We will determine the in vitro binding preference for each of the DNA binding proteins in the complex by SELEX-seq. We will use ChIP-exo of tagged proteins to reveal the precise in vivo location of bound sites, and to determine whether there are site-specific variations in complex composition. To identify the requirement for DNA binding activity of each factor at each genomic site we will generate mutant versions of the DNA binding proteins that can still interact with protein binding partners but cannot bind DNA and determine their location by ChIP-exo. RNA-seq will reveal the effect of these mutations on transcription. Our integrated bioinformatics analysis of these data will generate predictions for how individual testis-specific promoters respond to the complex, and we will test these predictions with a set of reporter constructs. Finally, we will determine whether targeting the complex to ectopic genomic locations is sufficient to drive testis-specific expression.

Beneficiaries
This project is aimed at addressing fundamental biology questions, and furthering knowledge in the field of gene expression regulation. It is therefore not expected to have immediate translational impacts. Thus the major beneficiaries will be in the academic sector, as detailed above.

Staff training.
A major impact of our research will be the career development of the associated staff. The post-doctoral researcher will develop extensive molecular biology and genetics lab skills. S/he will also gain skills in the manipulation of big data, the design, writing and execution of scripts to query the data, and the presentation of highly complex results in visually compelling formats. Bioinformatics and coding have been identified as skills gaps in the UK bioscience community, and the bioinformatician will continue to develop his expertise by taking on this new project. The technician will gain a variety of molecular biology and genetics skills, and will develop experience working with genome-editing approaches, again these are in high demand in the sector. The researcher will develop their communication skills - to academic peers via presentation at conferences, and to the general public via outreach events. They will develop line management skills (with mentorship from the PI), by taking on day-to-day supervision of the technician. This will equip the PDRA with a highly desirable skill set based on cutting edge technique application, computational analysis and soft skills that they can apply in further career settings either within or outside academia.

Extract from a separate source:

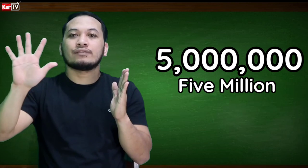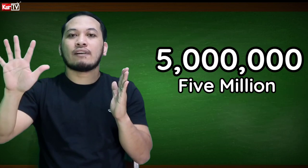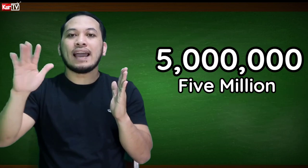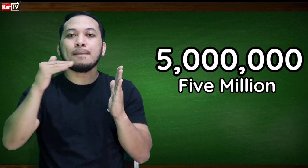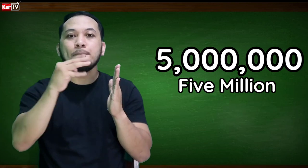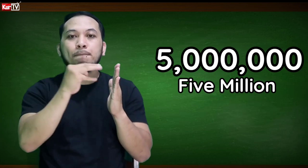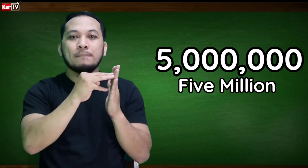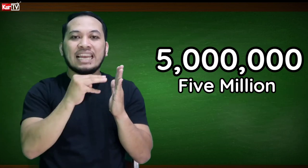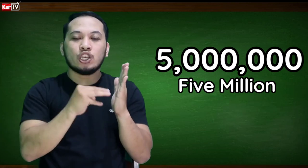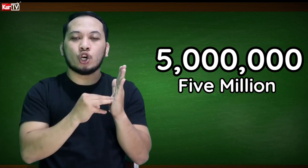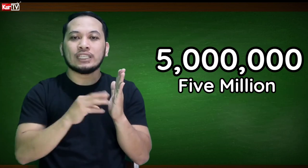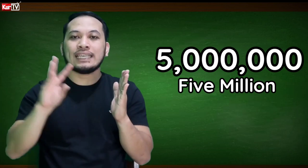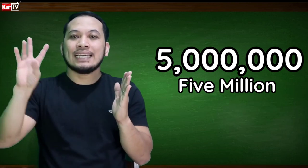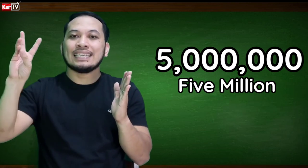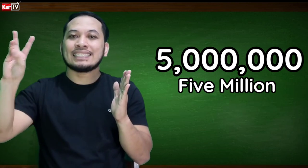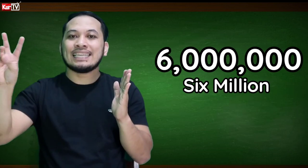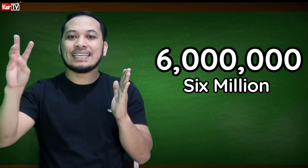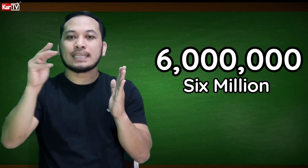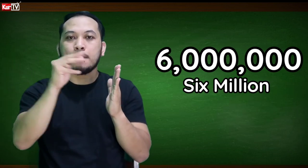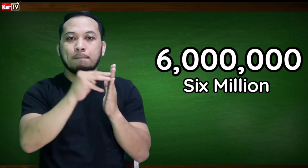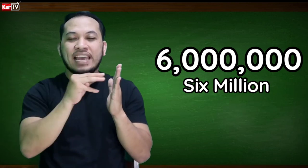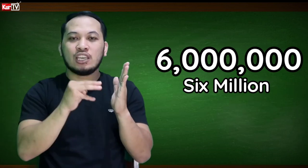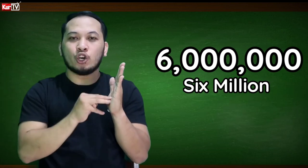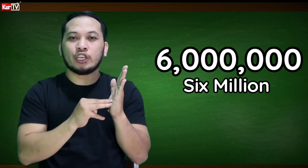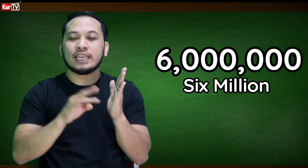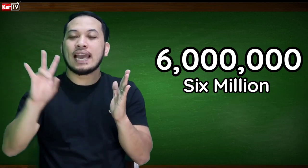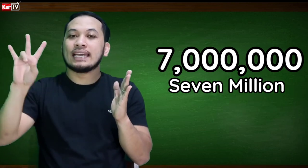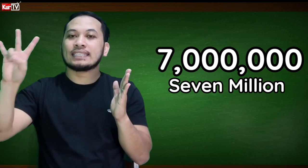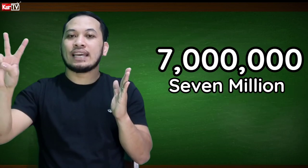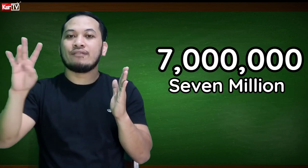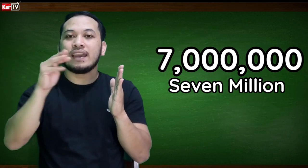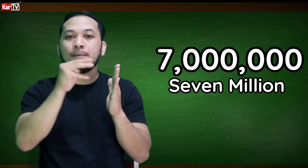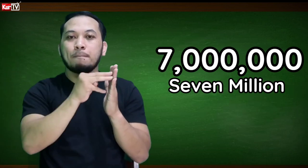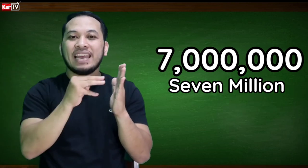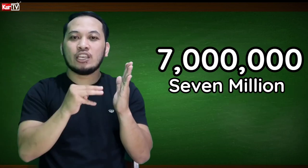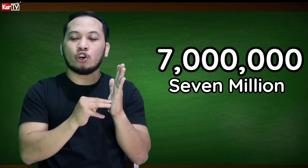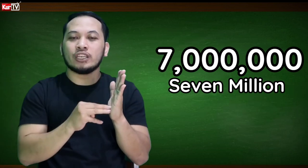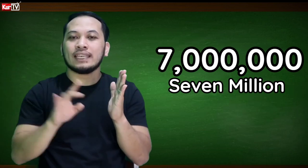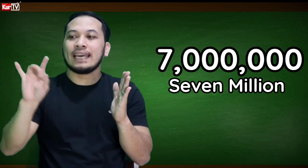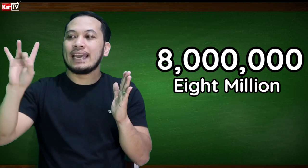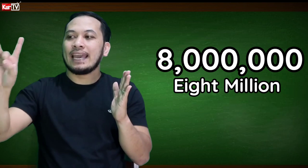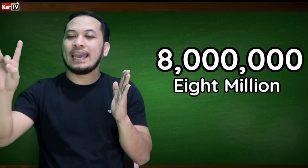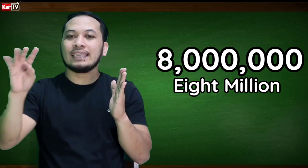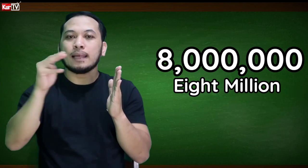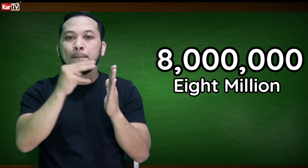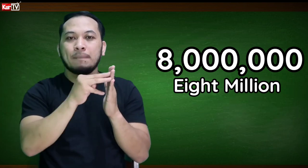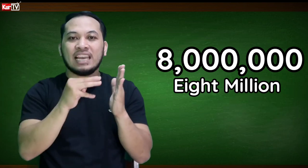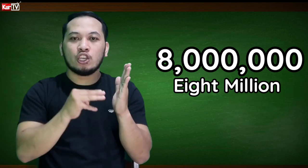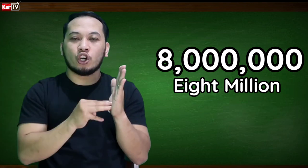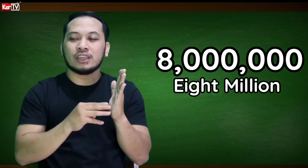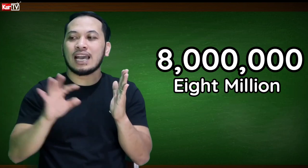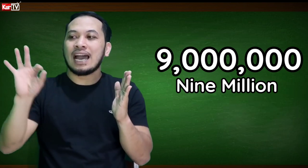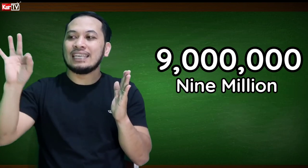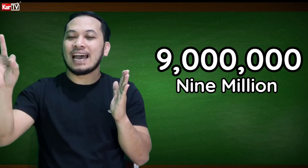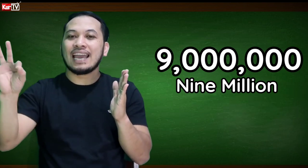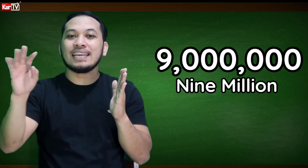5,000,000, 6,000,000, 7,000,000, 8,000,000, 9

Impact outside the academic sector.
Our research project is one aspect of the fundamental question "what makes one cell different from another". This is basic scientific research, but underpins normal development, health and disease. We will continue our outreach work with both schools and to adult audiences, to increase the general public understanding of this science. Our focus on male fertility and sperm production ensures that the audience finds the topic interesting; everyone is interested in sex although not everyone is comfortable talking about it. Talking to the public about fly sperm breaks down barriers and acts as a way to encourage the audience to think about biology and how life works. Explaining why basic biology is important, and why work in insects can increase our understanding of human health and disease, is a key target.